Non è l’albergo a cinque stelle citato dai razzisti, ma non è nemmeno una bettola. Il Centro di accoglienza straordinaria di Conflenti, nel catanzarese, è migliorato molto dall’ultima visita della rete LasciateCIEntrare. Lo gestiva una cooperativa che oggi non ha più la possibilità di chiedere al prefetto l’attivazione di un Cas. Tre lettere che in questa estate calabrese sono diventate “magiche” per alcuni. I centri di Accoglienza Straordinaria (CAS) sono stati immaginati per sopperire alla mancanza di posti nelle strutture ordinarie di accoglienza. La permanenza dovrebbe essere limitata a poco tempo, ma ormai tutto questo è diventato la norma. Di colpo i migranti non sono più un problema ma sono diventati una risorsa (economica), grazie alla facile possibilità di aprire un Cas con un’associazione, una cooperativa o un’azienda. Basta andare in una Prefettura, dimostrare di avere una struttura e si ottiene il permesso. Facile. Fin troppo: è il Motel Migrante.

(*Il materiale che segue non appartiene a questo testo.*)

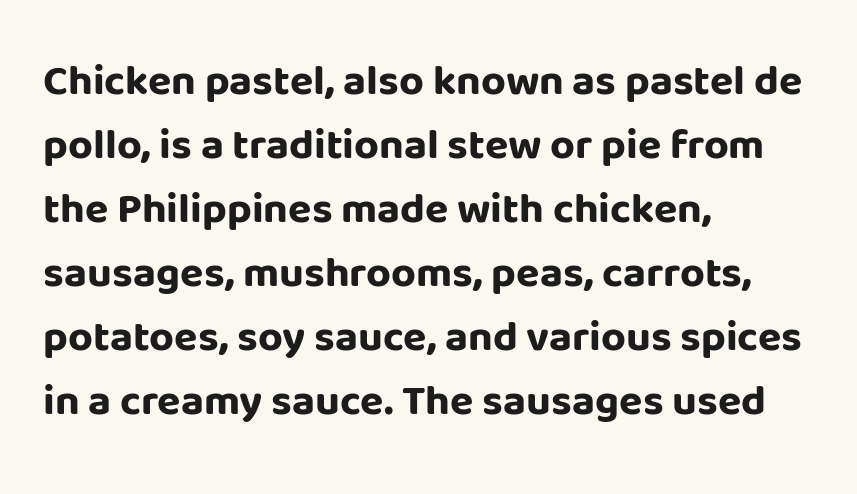
{"serif": "no", "italic": "no", "bold": "yes", "weight": "bold", "width": "normal", "stroke_contrast": "low", "x_height": "large", "monospaced": "no", "underline": "no", "align": "left", "line_spacing": "normal", "line_spacing_ratio": 1.49, "letter_spacing": "normal", "letter_spacing_em": 0.0, "glyph_px": 43}
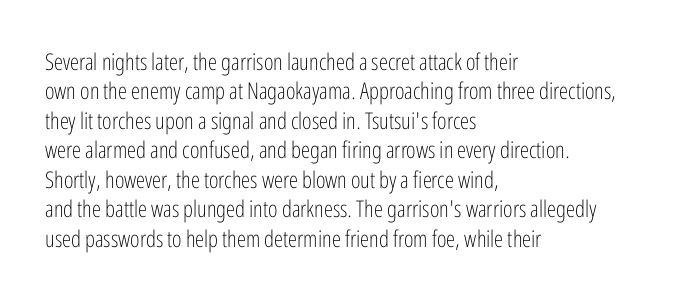
The image shows 23 px text type, upright; set left-aligned, normal line spacing (1.28x), normal letter spacing, not underlined.
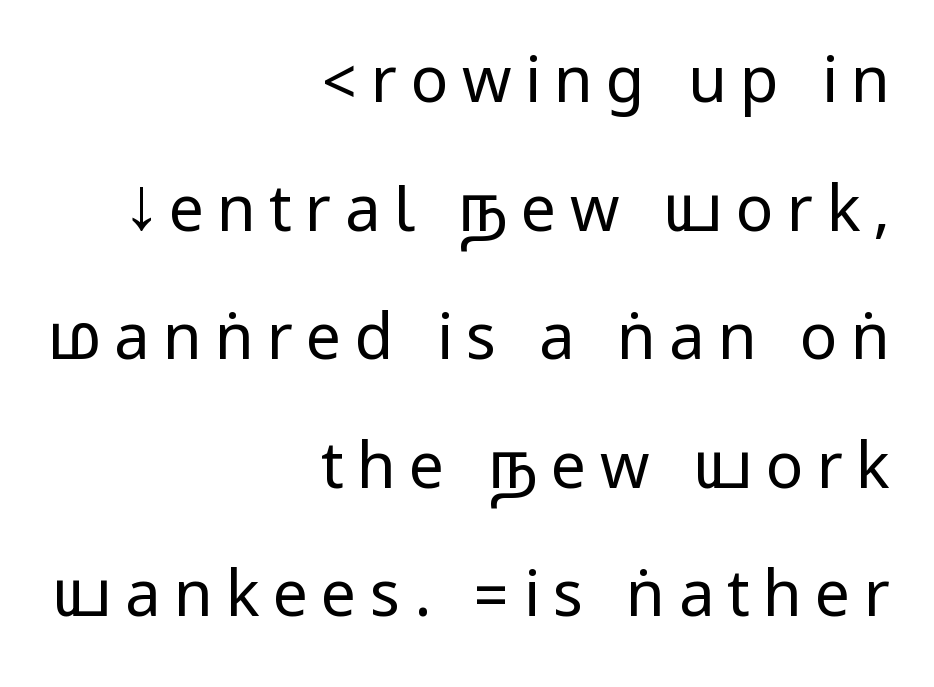
Q: Is the text bold? A: No.
Q: Is the text italic (slanted)? A: No, it is upright.
Q: Is the typeface a serif or a sans-serif typeface? A: Sans-serif.
Q: Is the text underlined? A: No.
Q: How is the paragraph aligned? A: Right-aligned.
Q: Is the spacing between letters normal or unusually wide? A: Unusually wide.
Q: Is the spacing between lines tight, normal or loose? A: Loose.
Q: Width (condensed, normal, or wide)? A: Condensed.
Q: Stroke contrast? A: Low.
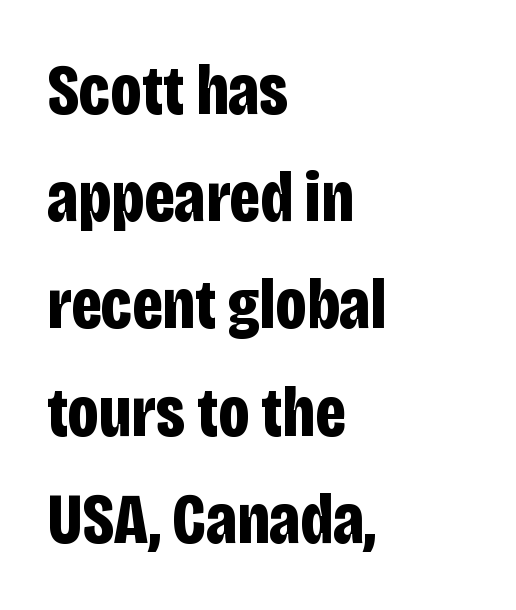
Posture: straight, roman, zero tilt. Leftover space on each line is placed entirely after the last word. A dark, heavy texture on the line: the type is bold. Unlike a traditional serif, this face leaves its strokes unadorned. A bare baseline throughout the passage. Whoever set this chose a conventional vertical rhythm.
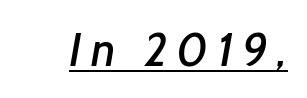
Each letter keeps its own natural width here, so spacing adapts to shape. Examine the stroke ends and you'll find no serifs. The typesetter has applied underlining to the passage shown.
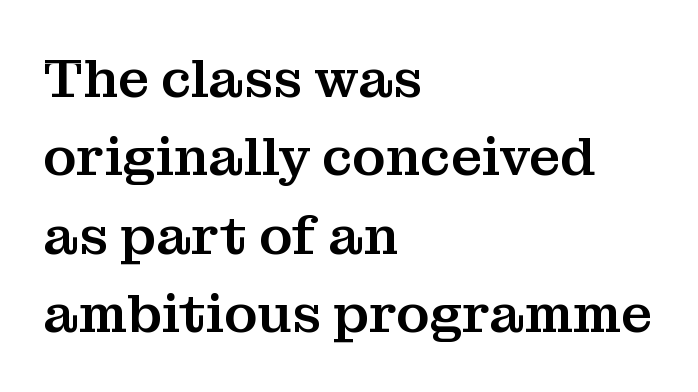
Q: Is the text italic (slanted)? A: No, it is upright.
Q: Is the typeface a serif or a sans-serif typeface? A: Serif.
Q: Is the text underlined? A: No.
Q: How is the paragraph aligned? A: Left-aligned.
Q: Is the spacing between letters normal or unusually wide? A: Normal.
Q: Is the spacing between lines tight, normal or loose? A: Normal.
Q: Width (condensed, normal, or wide)? A: Normal.
Q: Stroke contrast? A: Medium.
Q: x-height? A: Medium.
Q: Monospaced? A: No.
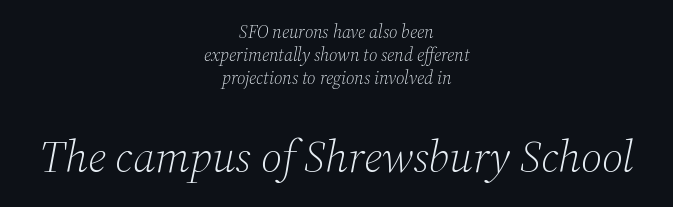
Q: Is the text bold? A: No.
Q: Is the text italic (slanted)? A: Yes, it leans right by about 12 degrees.
Q: Is the typeface a serif or a sans-serif typeface? A: Serif.
Q: Is the text underlined? A: No.
Q: How is the paragraph aligned? A: Centered.
Q: Is the spacing between letters normal or unusually wide? A: Normal.
Q: Is the spacing between lines tight, normal or loose? A: Normal.
Q: Which block of text is set in a larger size, the first (top) or the second (bottom)? A: The second (bottom) one.
Q: Width (condensed, normal, or wide)? A: Normal.
Q: Stroke contrast? A: Medium.
Q: x-height? A: Medium.
Q: Monospaced? A: No.
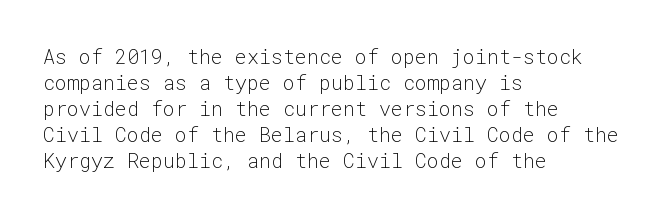
{"italic": "no", "bold": "no", "underline": "no", "align": "left", "line_spacing": "normal", "line_spacing_ratio": 1.3, "letter_spacing": "normal", "letter_spacing_em": 0.0, "glyph_px": 20}

In Calabria, questa estate, sono sbarcati quasi tremila migranti. Molti di loro sono dei rifugiati politici e chiedono di accedere al programma Sprar che dovrebbe consentire allo Stato italiano di metterli al sicuro dalle guerre e dalle violenze da cui sono costretti a scappare. Nella gran parte dei casi, se non fosse per le associazioni a cui vengono affidati i progetti dello Sprar, queste persone sarebbero totalmente allo sbando. Yasmine Accardo è la responsabile territoriale di LasciateCIEntrare, vive fra la Basilicata (“la Lucania”, come dice spesso lei), e la Calabria. In Calabria questa estate è venuta molte volte. O lei o qualcuno dei suoi colleghi, perché i Cas nella regione sono diventati molto appetibili: sono finiti nei business di alcune delle famiglie della politica o di quelle che si occupano di sanità privata; sono entrati un po’ nel mirino di tutti, persino nel mirino di chi possiede un hotel. Accade a Rende, a un passo da Cosenza (città in cui passano molti migranti perché, fra loro, si è sparsa la voce di come il sistema accoglienza alternativo a quello della burocrazia funzioni molto bene), per esempio dove un residence è diventato prigione dorata per 20 persone, tutte richiedenti asilo provenienti dal Togo, dalla Nigeria, dalla Guinea, dall’Eritrea. Con Yasmine a far visita a questi centri ci sono Emilia Corea dell’associazione La Kasbah di Cosenza e l’attivista Francesco Formisani.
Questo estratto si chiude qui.